The new Fort Worth store feels like the existing shops, like they've landed on a formula that works: smiling chefs who want to talk about food and walls stocked with cheeses and wines, perfect for a party.
"What I love about Eatzi's is they've really defined themselves," says Wallace Doolin, chairman and founder of TDn2K (Transforming Data Into Knowledge), a restaurant business intelligence company. Doolin has a lengthy background in restaurants as the former CEO of TGI Fridays, La Madeleine and Buca di Beppo Italian Restaurant, among others.
He says it's "tough" to compete with Eatzi's, whose competition is restaurants, not grocery stores. He's also an Eatzi's customer; he finds it convenient and fast.
Eatzi's has always sold prepared food, often beautifully displayed, for people who don't want to cook at home. Romo is still working on its "gourmet" perception: He thinks it's perceived as being more expensive than it really is.
Don't expect Eatzi's stores to open on every corner of every suburb. But do expect the company to try continue to expand.

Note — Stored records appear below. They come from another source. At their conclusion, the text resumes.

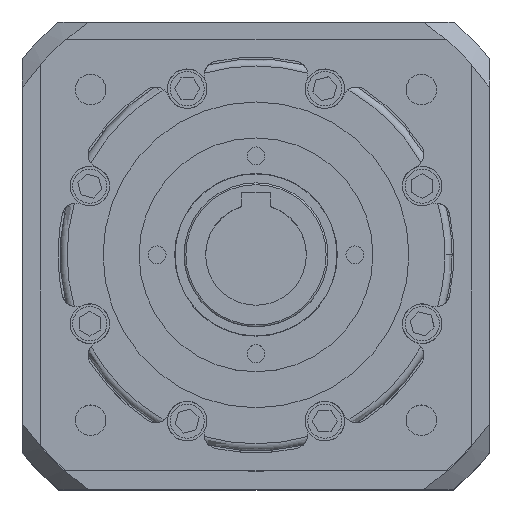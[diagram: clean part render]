
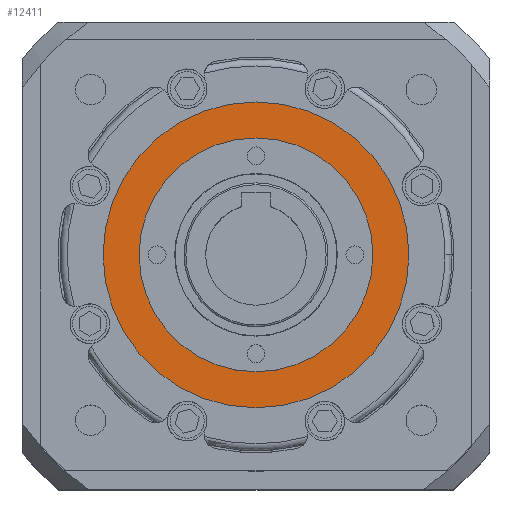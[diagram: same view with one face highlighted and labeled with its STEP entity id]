
A CAD part, top view. The second image highlights one B-rep face of the part: STEP entity #12411.
In plain terms, the highlighted planar face has unit normal (0, 0, 1).
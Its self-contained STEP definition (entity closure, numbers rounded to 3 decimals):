
#279 = DIRECTION ( 'NONE',  ( 0., 0., 1. ) ) ;
#907 = DIRECTION ( 'NONE',  ( 1., 0., 0. ) ) ;
#1111 = VERTEX_POINT ( 'NONE', #2207 ) ;
#1224 = CARTESIAN_POINT ( 'NONE',  ( 0., 0., 155.9 ) ) ;
#1401 = AXIS2_PLACEMENT_3D ( 'NONE', #10547, #4531, #11516 ) ;
#1715 = VERTEX_POINT ( 'NONE', #5724 ) ;
#2154 = DIRECTION ( 'NONE',  ( 1., 0., 0. ) ) ;
#2157 = EDGE_LOOP ( 'NONE', ( #3127, #9761 ) ) ;
#2207 = CARTESIAN_POINT ( 'NONE',  ( 32.5, 0., 155.9 ) ) ;
#3096 = PLANE ( 'NONE',  #6162 ) ;
#3127 = ORIENTED_EDGE ( 'NONE', *, *, #11208, .T. ) ;
#4531 = DIRECTION ( 'NONE',  ( 0., 0., 1. ) ) ;
#4532 = CARTESIAN_POINT ( 'NONE',  ( 0., 0., 155.9 ) ) ;
#4865 = EDGE_LOOP ( 'NONE', ( #7388, #10195 ) ) ;
#4878 = AXIS2_PLACEMENT_3D ( 'NONE', #6135, #279, #7163 ) ;
#5540 = DIRECTION ( 'NONE',  ( 1., 0., 0. ) ) ;
#5709 = FACE_OUTER_BOUND ( 'NONE', #2157, .T. ) ;
#5724 = CARTESIAN_POINT ( 'NONE',  ( 42.5, 0., 155.9 ) ) ;
#5807 = CIRCLE ( 'NONE', #4878, 32.5 ) ;
#6135 = CARTESIAN_POINT ( 'NONE',  ( 0., 0., 155.9 ) ) ;
#6162 = AXIS2_PLACEMENT_3D ( 'NONE', #1224, #8120, #2154 ) ;
#6730 = CIRCLE ( 'NONE', #1401, 32.5 ) ;
#6800 = DIRECTION ( 'NONE',  ( 0., 0., 1. ) ) ;
#7163 = DIRECTION ( 'NONE',  ( 1., 0., 0. ) ) ;
#7388 = ORIENTED_EDGE ( 'NONE', *, *, #10104, .F. ) ;
#7589 = EDGE_CURVE ( 'NONE', #10372, #1715, #11608, .T. ) ;
#8120 = DIRECTION ( 'NONE',  ( 0., 0., 1. ) ) ;
#8375 = VERTEX_POINT ( 'NONE', #10323 ) ;
#8645 = CARTESIAN_POINT ( 'NONE',  ( -42.5, 0., 155.9 ) ) ;
#8715 = CIRCLE ( 'NONE', #9505, 42.5 ) ;
#9505 = AXIS2_PLACEMENT_3D ( 'NONE', #12782, #6800, #907 ) ;
#9761 = ORIENTED_EDGE ( 'NONE', *, *, #7589, .T. ) ;
#10104 = EDGE_CURVE ( 'NONE', #1111, #8375, #5807, .T. ) ;
#10195 = ORIENTED_EDGE ( 'NONE', *, *, #10808, .F. ) ;
#10323 = CARTESIAN_POINT ( 'NONE',  ( -32.5, 0., 155.9 ) ) ;
#10372 = VERTEX_POINT ( 'NONE', #8645 ) ;
#10547 = CARTESIAN_POINT ( 'NONE',  ( 0., 0., 155.9 ) ) ;
#10684 = AXIS2_PLACEMENT_3D ( 'NONE', #4532, #11518, #5540 ) ;
#10753 = FACE_BOUND ( 'NONE', #4865, .T. ) ;
#10808 = EDGE_CURVE ( 'NONE', #8375, #1111, #6730, .T. ) ;
#11208 = EDGE_CURVE ( 'NONE', #1715, #10372, #8715, .T. ) ;
#11516 = DIRECTION ( 'NONE',  ( 1., 0., 0. ) ) ;
#11518 = DIRECTION ( 'NONE',  ( 0., 0., 1. ) ) ;
#11608 = CIRCLE ( 'NONE', #10684, 42.5 ) ;
#12411 = ADVANCED_FACE ( 'NONE', ( #10753, #5709 ), #3096, .T. ) ;
#12782 = CARTESIAN_POINT ( 'NONE',  ( 0., 0., 155.9 ) ) ;

"We've proven that this thing does work outside of Texas," Romo says, despite the failures in New York City and the closures elsewhere. The difference is he also knows why they didn't work, he explains. (And it'll probably be a long time before Romo and his team take a bite out of the Big Apple again.)
"This thing will work all over the country, and I'm certain we'll be there one day," Romo says.
The new Eatzi's in Fort Worth is at 1540 S. University Drive. The new Dallas store, expected in October, will be at 6025 Royal Lane, in the Preston Royal Village Shopping Center.